● Aim of the task:
Nothing but the text of the records should come back; copy it exactly and leave the pictures out.

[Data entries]
-------

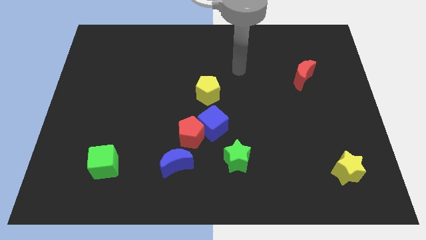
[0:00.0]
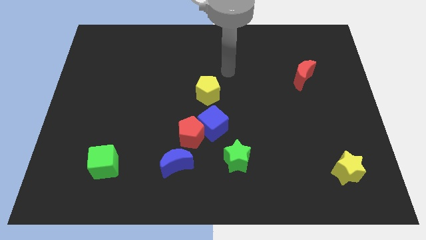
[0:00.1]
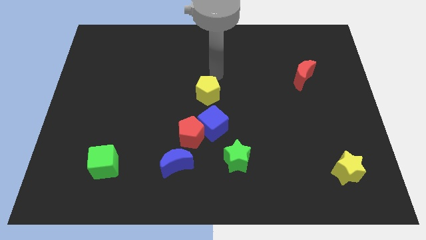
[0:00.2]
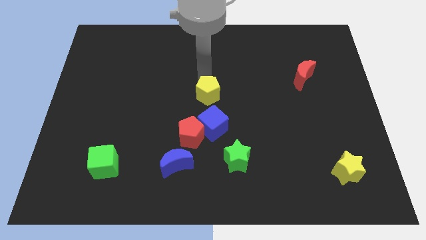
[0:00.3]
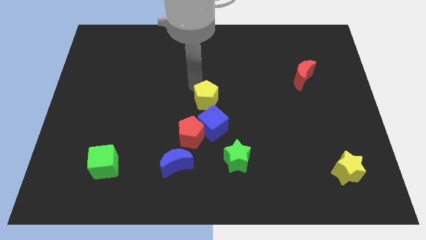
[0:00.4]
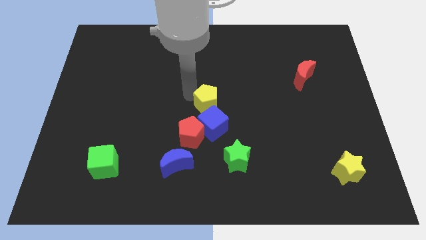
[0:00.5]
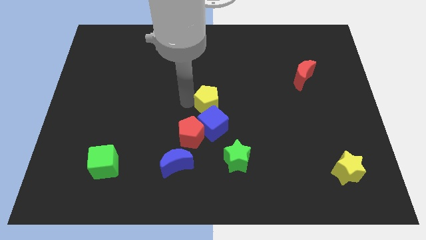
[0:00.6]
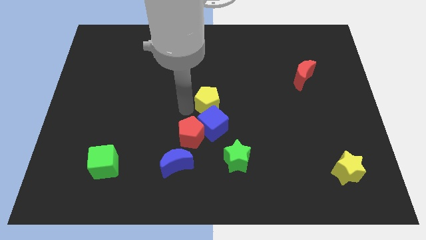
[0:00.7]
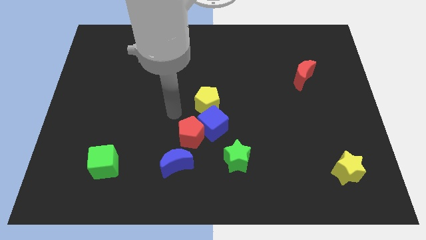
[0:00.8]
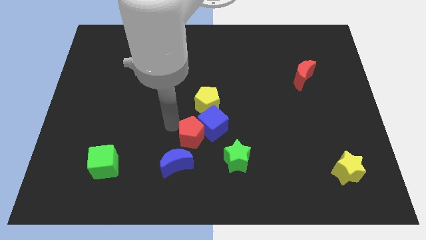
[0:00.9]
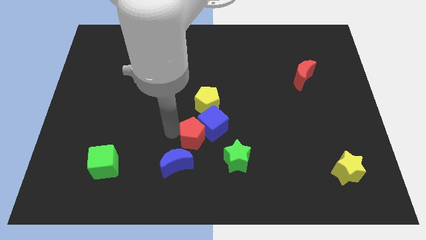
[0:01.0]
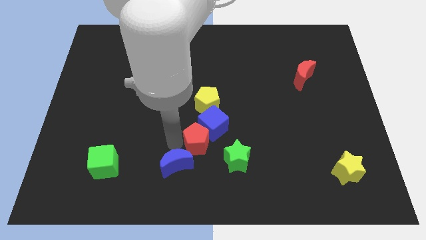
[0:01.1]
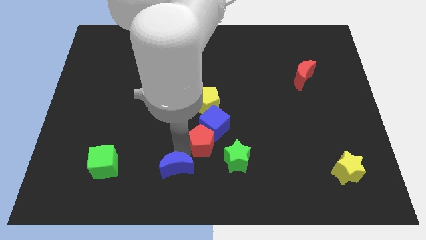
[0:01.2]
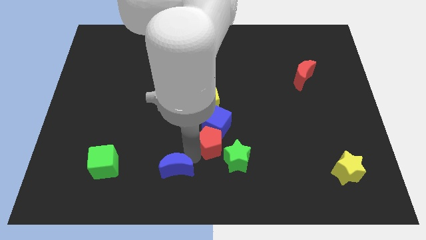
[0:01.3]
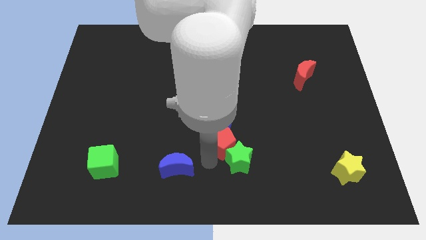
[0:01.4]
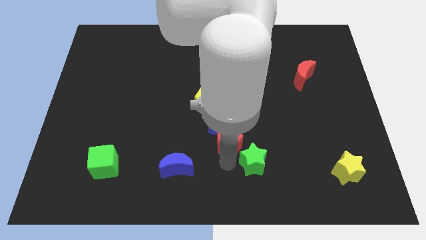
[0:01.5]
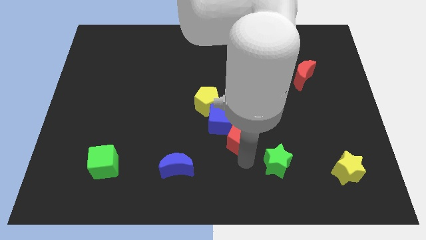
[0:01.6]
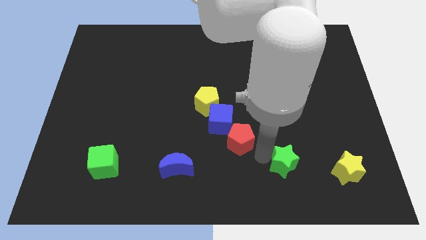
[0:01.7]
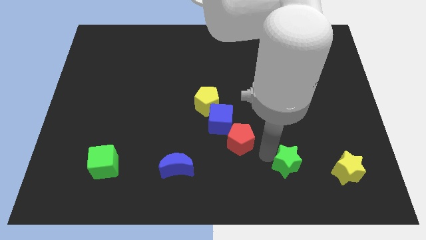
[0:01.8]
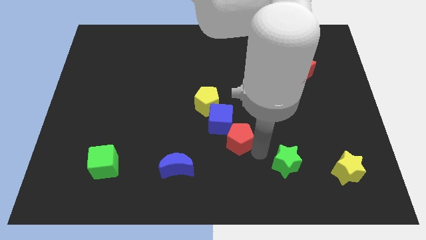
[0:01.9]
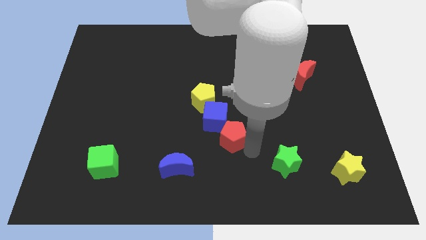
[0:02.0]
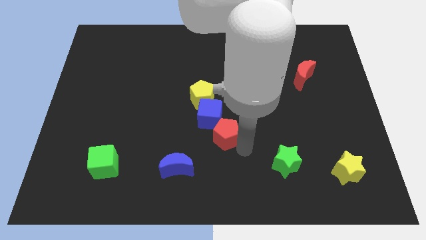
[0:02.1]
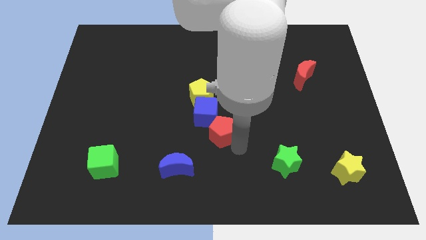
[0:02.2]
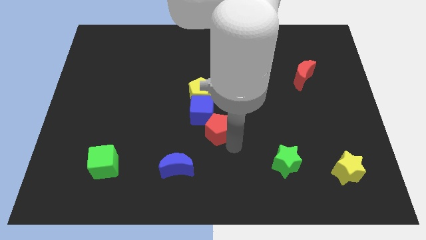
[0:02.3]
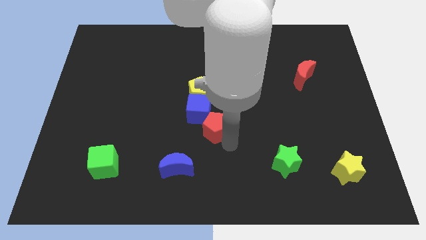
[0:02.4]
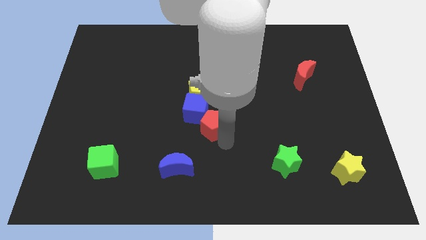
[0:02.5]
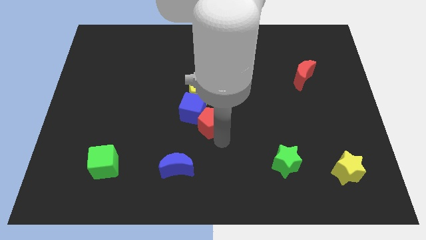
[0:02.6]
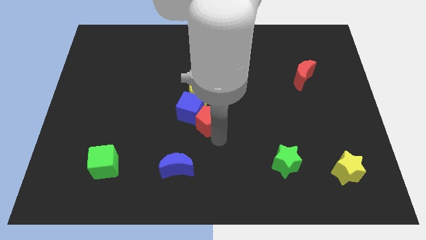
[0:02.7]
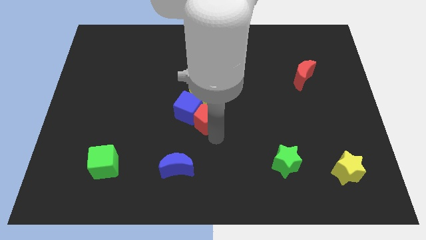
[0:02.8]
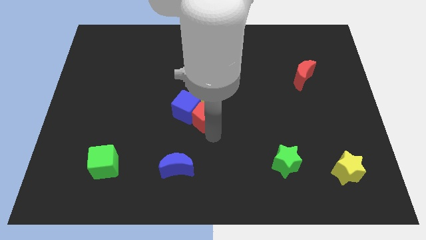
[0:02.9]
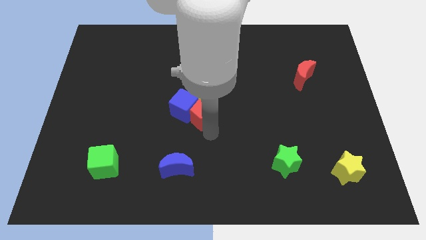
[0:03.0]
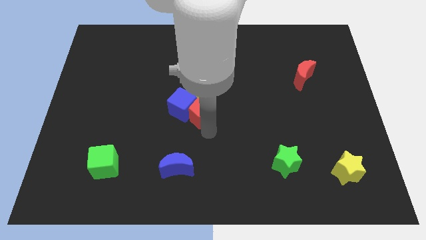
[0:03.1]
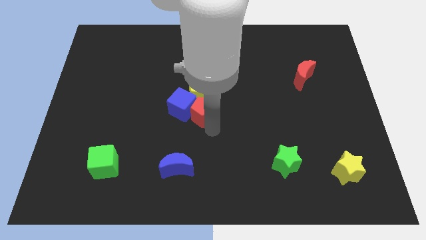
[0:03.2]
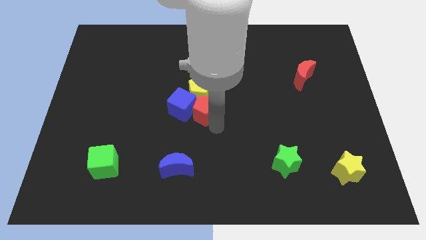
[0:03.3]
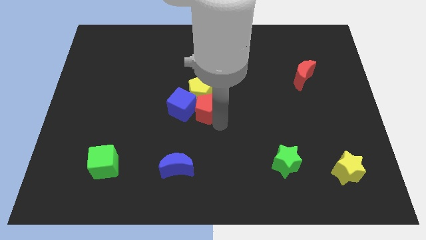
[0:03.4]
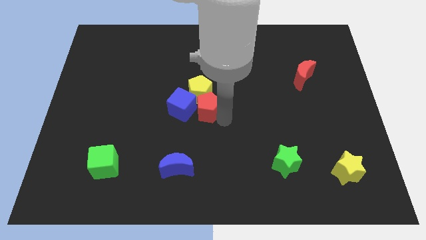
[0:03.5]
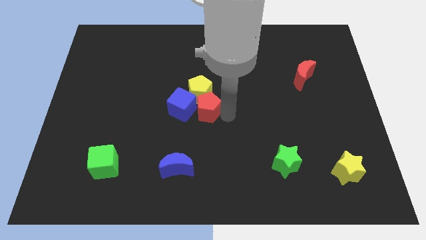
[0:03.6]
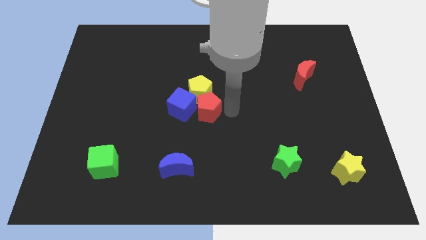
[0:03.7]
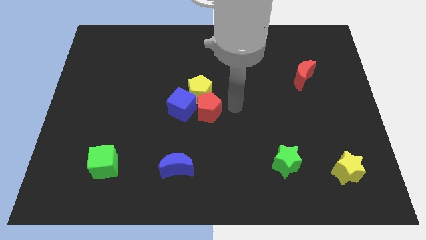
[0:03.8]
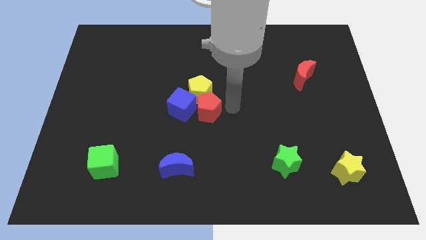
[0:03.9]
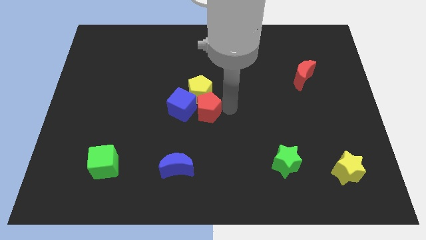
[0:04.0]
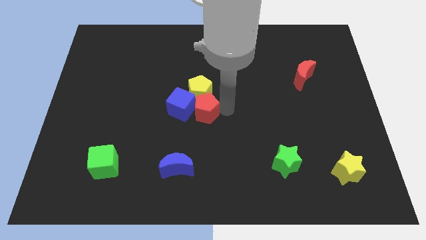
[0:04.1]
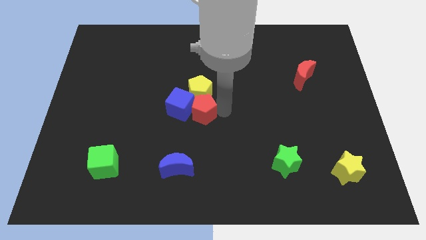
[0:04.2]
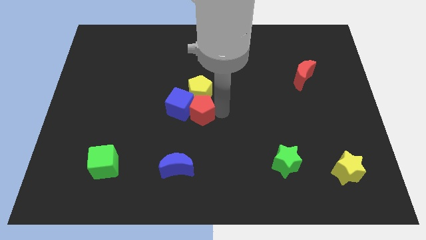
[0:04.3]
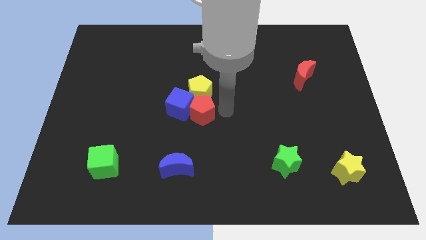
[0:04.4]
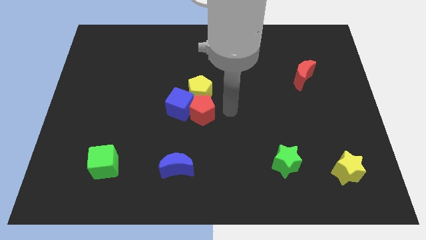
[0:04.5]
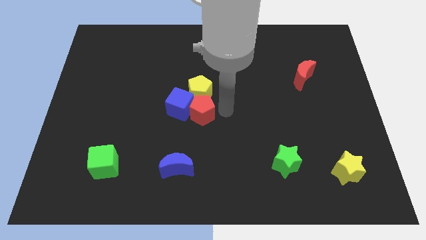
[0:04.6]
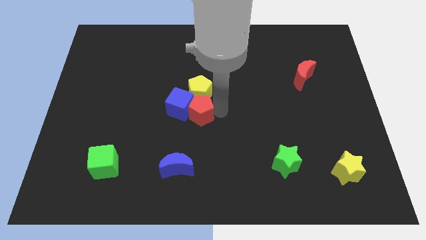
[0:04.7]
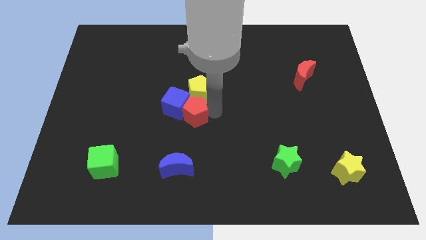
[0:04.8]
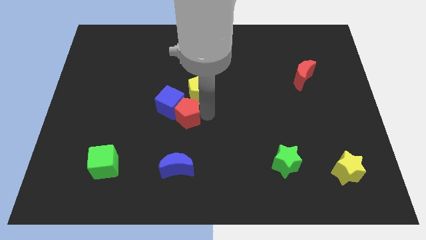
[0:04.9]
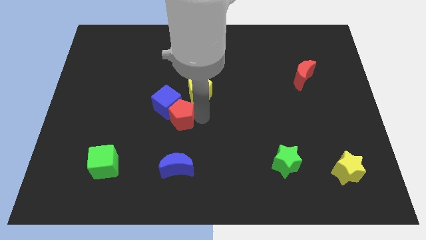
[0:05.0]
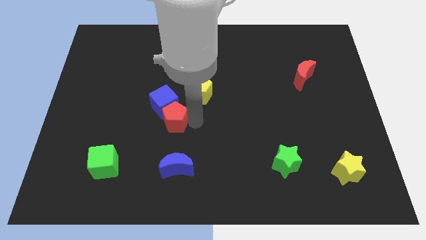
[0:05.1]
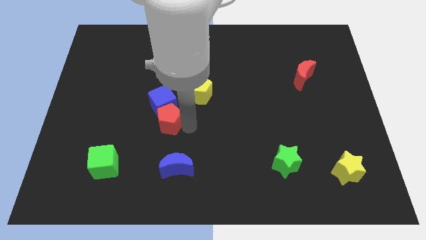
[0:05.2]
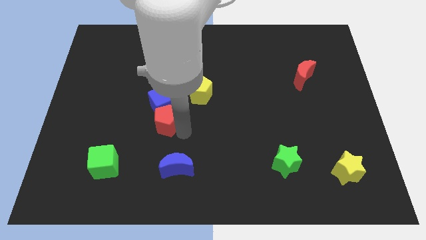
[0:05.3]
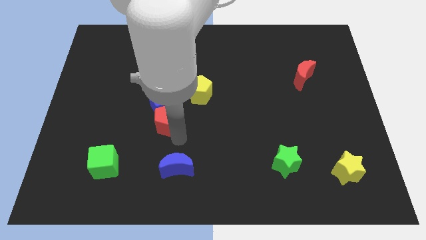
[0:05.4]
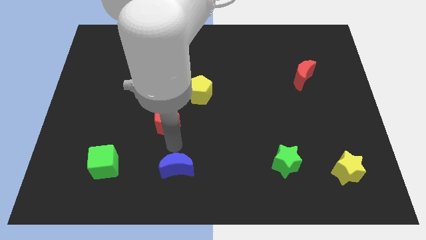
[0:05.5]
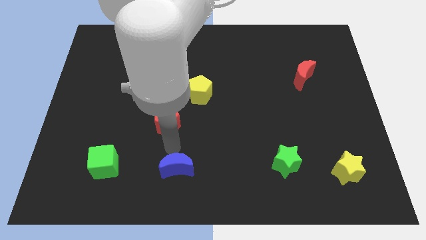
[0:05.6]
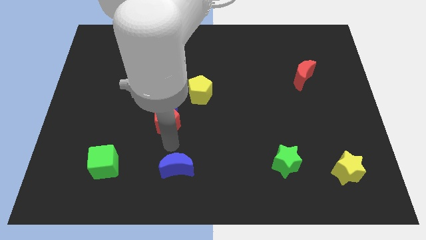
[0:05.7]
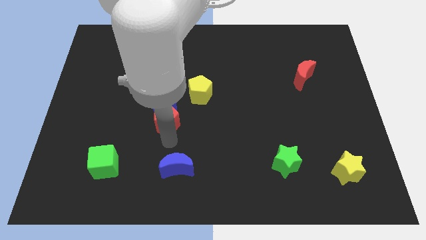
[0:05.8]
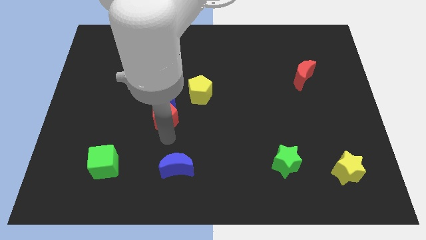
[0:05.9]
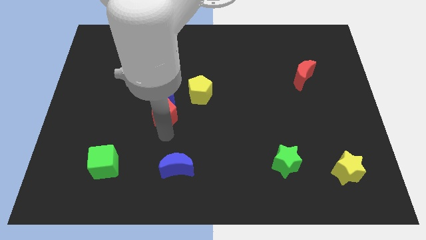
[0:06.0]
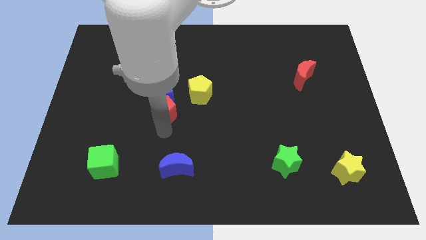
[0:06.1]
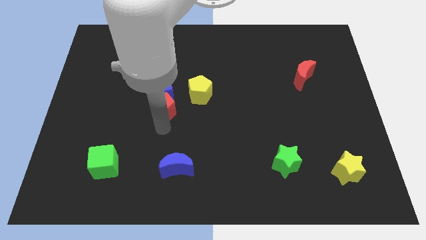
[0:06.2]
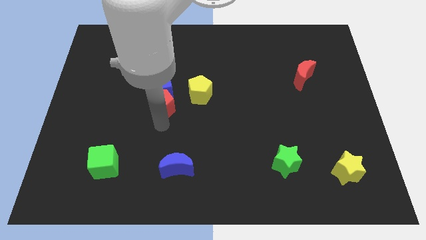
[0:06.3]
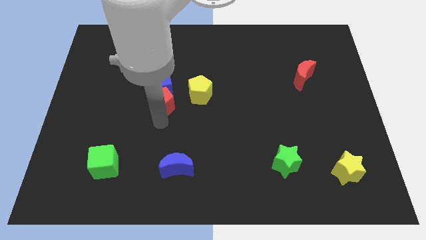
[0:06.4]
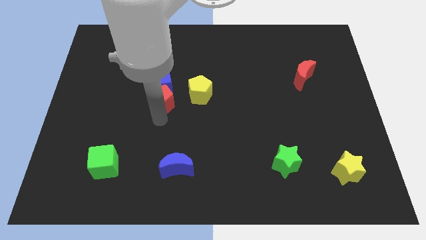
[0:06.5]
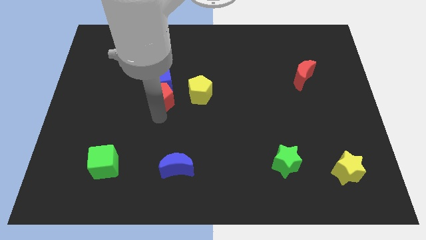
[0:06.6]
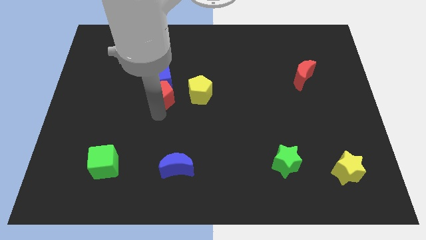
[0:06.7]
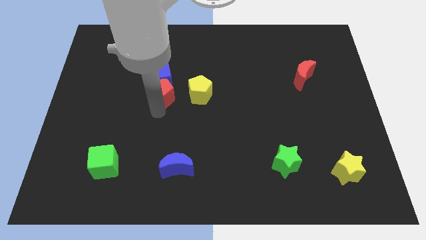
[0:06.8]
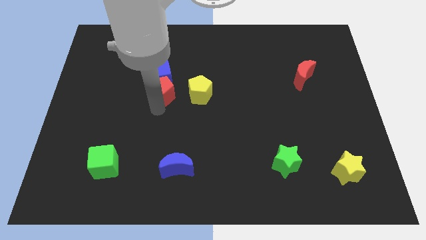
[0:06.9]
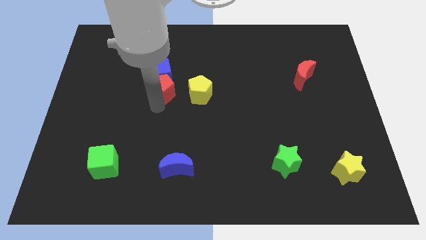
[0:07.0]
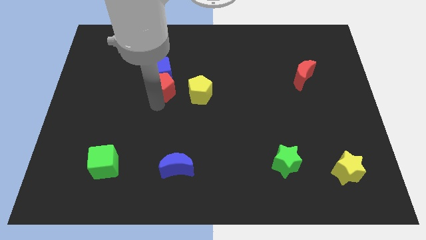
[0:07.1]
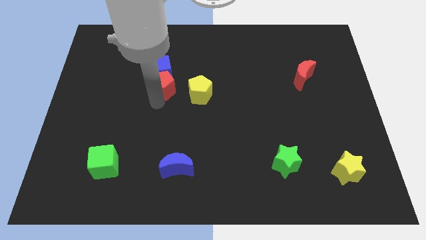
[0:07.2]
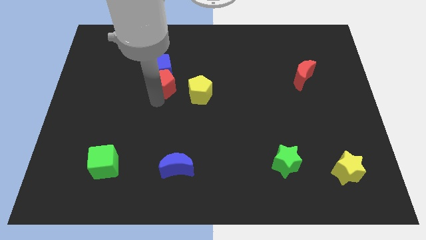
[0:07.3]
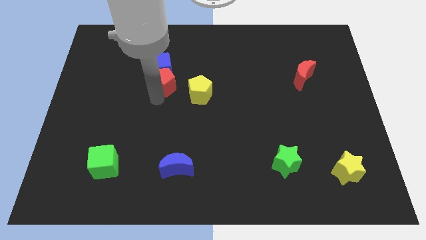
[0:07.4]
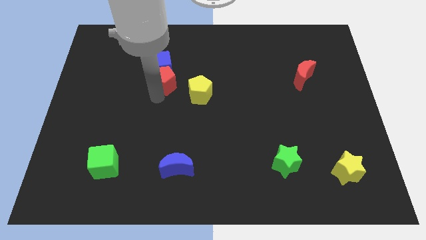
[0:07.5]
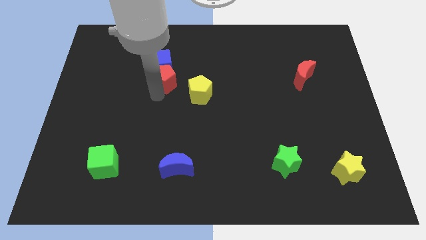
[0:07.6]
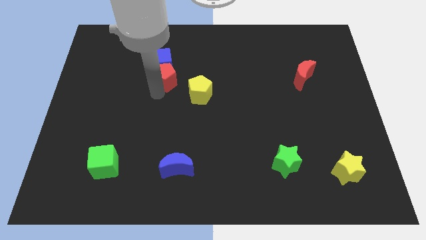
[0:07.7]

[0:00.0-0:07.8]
separate the red pentagon from the blue cube and blue moon

-------

● Response to this task:
[0:00.0]
[0:00.1]
[0:00.2]
[0:00.3]
[0:00.4]
[0:00.5]
[0:00.6]
[0:00.7]
[0:00.8]
[0:00.9]
[0:01.0]
[0:01.1]
[0:01.2]
[0:01.3]
[0:01.4]
[0:01.5]
[0:01.6]
[0:01.7]
[0:01.8]
[0:01.9]
[0:02.0]
[0:02.1]
[0:02.2]
[0:02.3]
[0:02.4]
[0:02.5]
[0:02.6]
[0:02.7]
[0:02.8]
[0:02.9]
[0:03.0]
[0:03.1]
[0:03.2]
[0:03.3]
[0:03.4]
[0:03.5]
[0:03.6]
[0:03.7]
[0:03.8]
[0:03.9]
[0:04.0]
[0:04.1]
[0:04.2]
[0:04.3]
[0:04.4]
[0:04.5]
[0:04.6]
[0:04.7]
[0:04.8]
[0:04.9]
[0:05.0]
[0:05.1]
[0:05.2]
[0:05.3]
[0:05.4]
[0:05.5]
[0:05.6]
[0:05.7]
[0:05.8]
[0:05.9]
[0:06.0]
[0:06.1]
[0:06.2]
[0:06.3]
[0:06.4]
[0:06.5]
[0:06.6]
[0:06.7]
[0:06.8]
[0:06.9]
[0:07.0]
[0:07.1]
[0:07.2]
[0:07.3]
[0:07.4]
[0:07.5]
[0:07.6]
[0:07.7]

[0:00.0-0:07.8]
separate the red pentagon from the blue cube and blue moon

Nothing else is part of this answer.